Records from a data source:
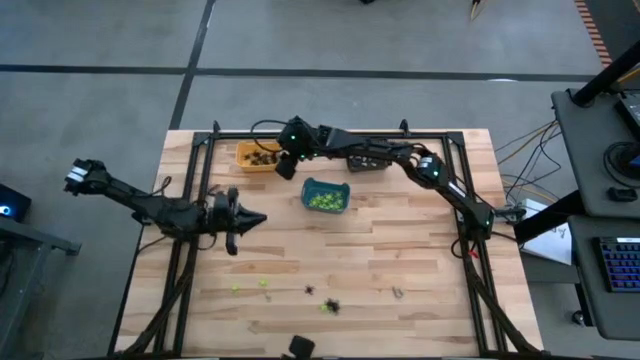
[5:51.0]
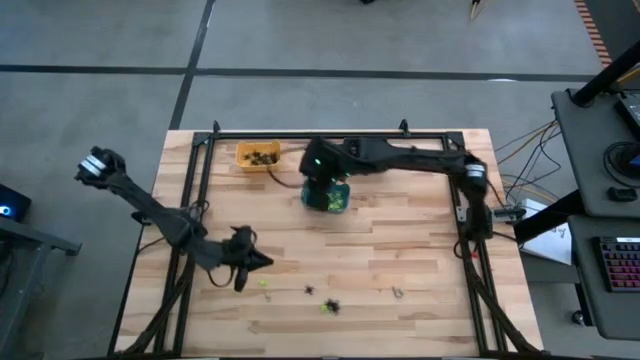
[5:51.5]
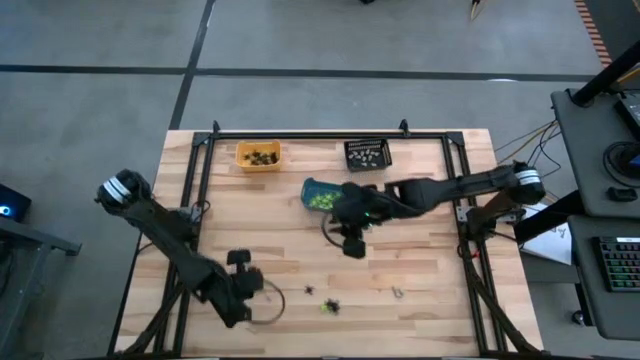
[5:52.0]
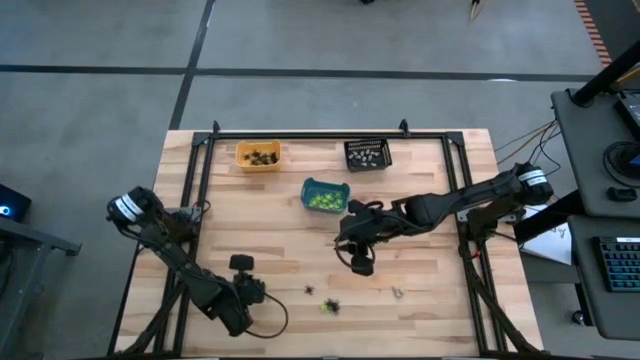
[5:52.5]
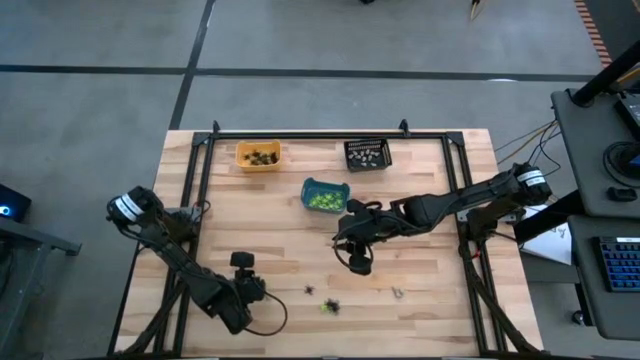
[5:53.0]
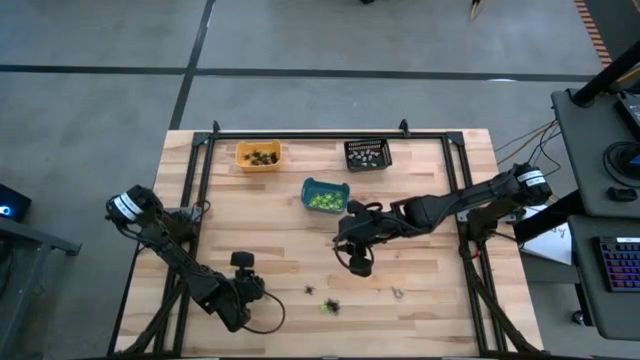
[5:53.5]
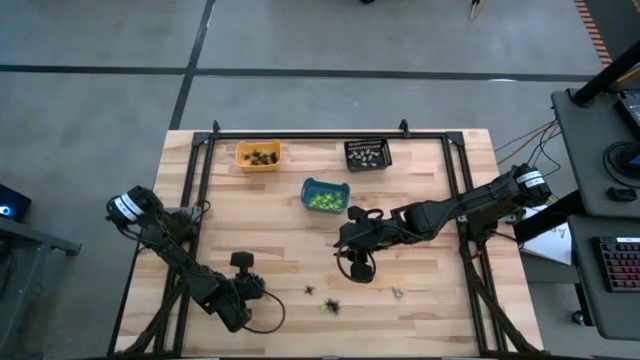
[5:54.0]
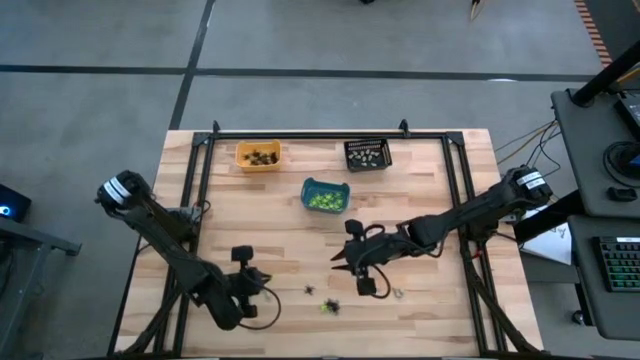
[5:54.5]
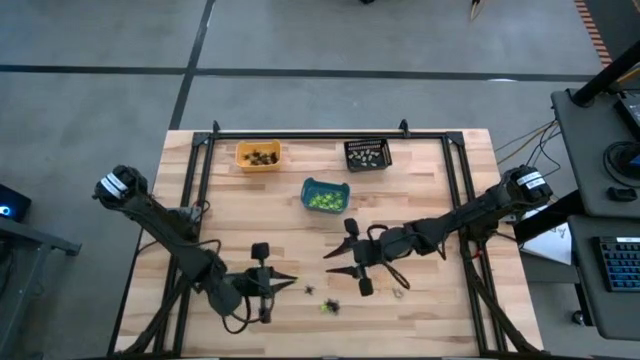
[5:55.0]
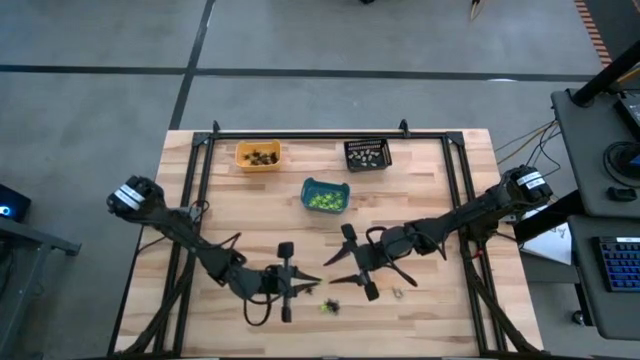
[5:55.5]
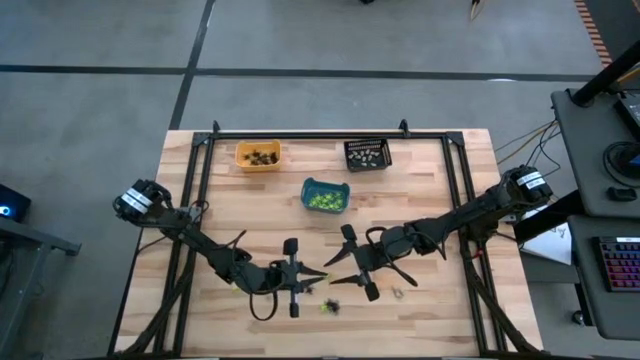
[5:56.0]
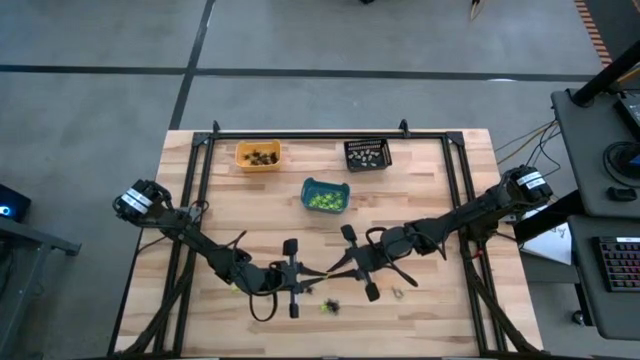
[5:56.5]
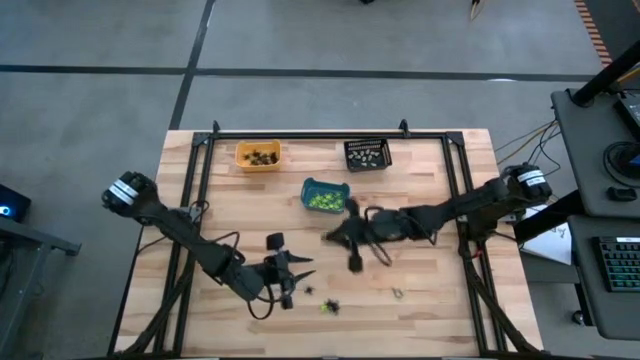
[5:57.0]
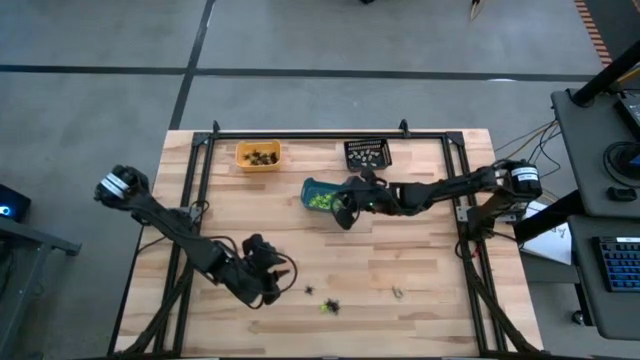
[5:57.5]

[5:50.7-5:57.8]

PROBLEM DESCRIPTION
Restate the data word for word without pictures.

EXPECTED OUTPUT
[5:51.0]
[5:51.5]
[5:52.0]
[5:52.5]
[5:53.0]
[5:53.5]
[5:54.0]
[5:54.5]
[5:55.0]
[5:55.5]
[5:56.0]
[5:56.5]
[5:57.0]
[5:57.5]

[5:50.7-5:57.8]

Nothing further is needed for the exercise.